_Task requirements_. Although the data below contains pictures, output only the lines between those holding "The face used" and "The image shows 27", inclusive, exactly and without those pictures.

_The data_.
= Beginning of Section =

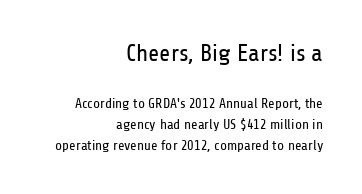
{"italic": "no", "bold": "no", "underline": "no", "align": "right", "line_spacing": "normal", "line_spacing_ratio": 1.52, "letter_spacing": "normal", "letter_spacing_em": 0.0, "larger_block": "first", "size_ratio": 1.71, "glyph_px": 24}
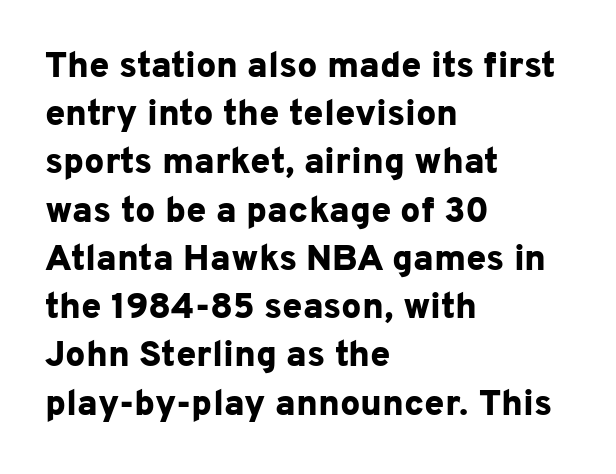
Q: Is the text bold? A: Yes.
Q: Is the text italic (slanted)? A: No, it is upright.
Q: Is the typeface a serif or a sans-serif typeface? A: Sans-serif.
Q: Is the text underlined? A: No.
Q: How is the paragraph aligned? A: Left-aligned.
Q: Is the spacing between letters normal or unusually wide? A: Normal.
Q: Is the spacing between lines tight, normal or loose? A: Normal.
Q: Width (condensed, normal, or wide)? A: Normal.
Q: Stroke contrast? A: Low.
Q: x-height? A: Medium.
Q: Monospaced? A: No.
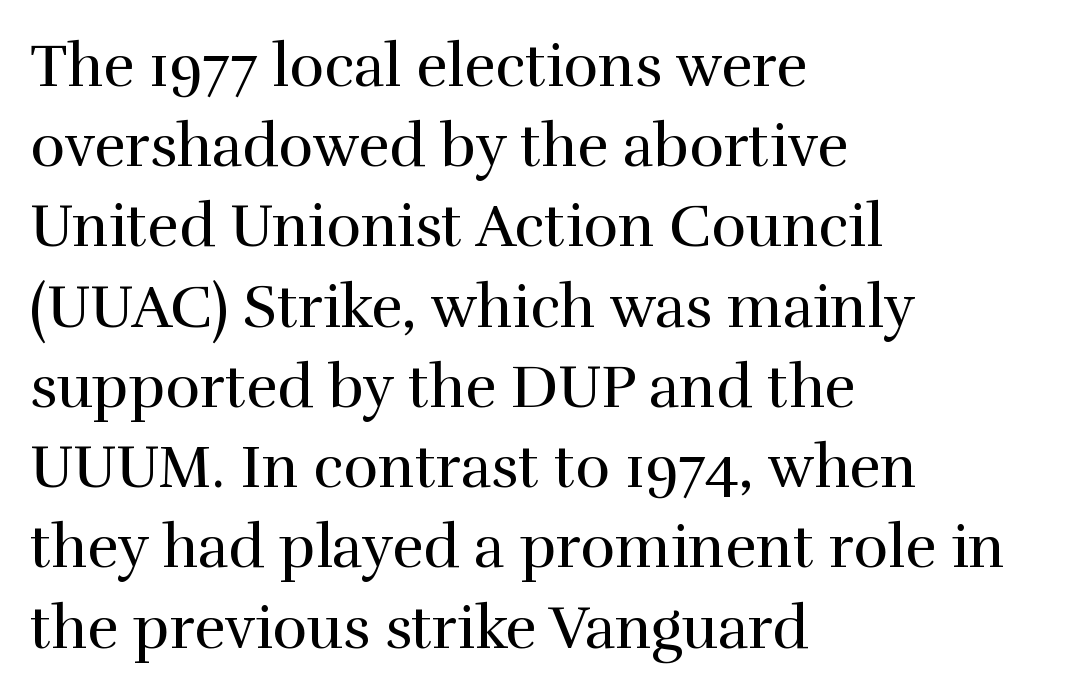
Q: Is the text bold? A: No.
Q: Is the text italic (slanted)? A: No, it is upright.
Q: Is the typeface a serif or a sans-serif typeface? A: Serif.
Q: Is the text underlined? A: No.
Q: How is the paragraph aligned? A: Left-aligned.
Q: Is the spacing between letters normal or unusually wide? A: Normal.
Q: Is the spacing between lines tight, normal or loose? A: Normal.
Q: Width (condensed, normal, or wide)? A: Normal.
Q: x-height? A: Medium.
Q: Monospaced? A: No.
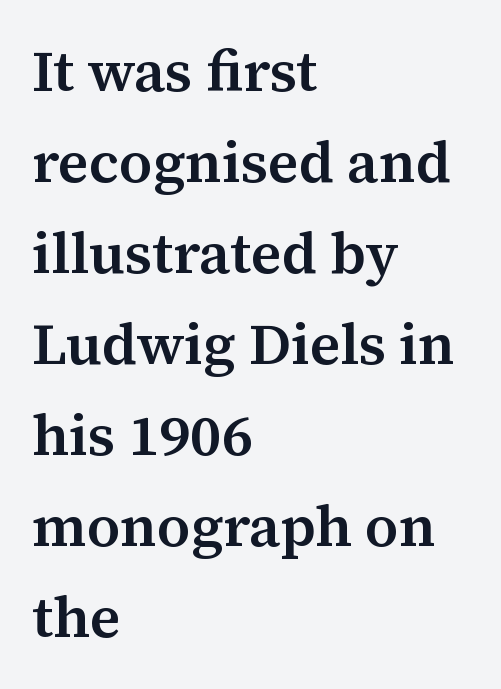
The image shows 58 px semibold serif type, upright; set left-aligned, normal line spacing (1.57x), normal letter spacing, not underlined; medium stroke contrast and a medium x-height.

= End of Section =
= Beginning of Section =

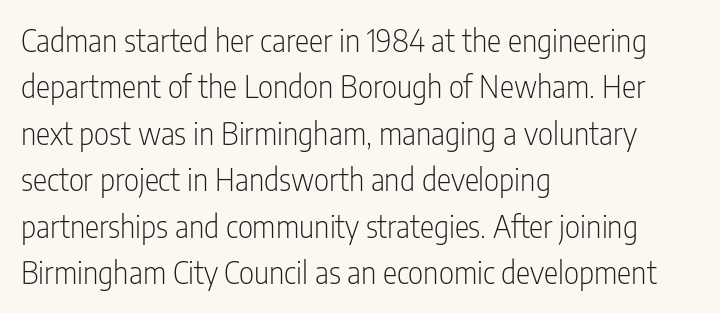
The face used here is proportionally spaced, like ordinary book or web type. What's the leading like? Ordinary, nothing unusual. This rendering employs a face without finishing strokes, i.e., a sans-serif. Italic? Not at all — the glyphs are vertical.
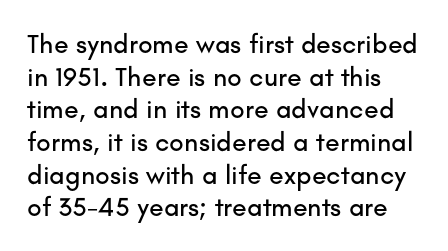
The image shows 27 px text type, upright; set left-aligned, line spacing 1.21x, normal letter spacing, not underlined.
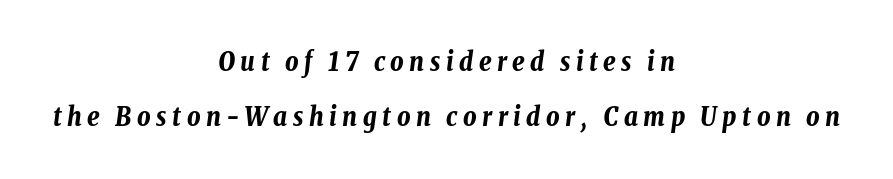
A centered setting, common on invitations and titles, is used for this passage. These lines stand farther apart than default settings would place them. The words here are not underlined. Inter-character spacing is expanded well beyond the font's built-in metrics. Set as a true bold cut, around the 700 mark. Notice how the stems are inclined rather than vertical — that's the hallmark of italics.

= End of Section =

_Answer section_.
The face used here is proportionally spaced, like ordinary book or web type. What's the leading like? Ordinary, nothing unusual. This rendering employs a face without finishing strokes, i.e., a sans-serif. Italic? Not at all — the glyphs are vertical.
The image shows 27 px text type, upright; set left-aligned, line spacing 1.21x, normal letter spacing, not underlined.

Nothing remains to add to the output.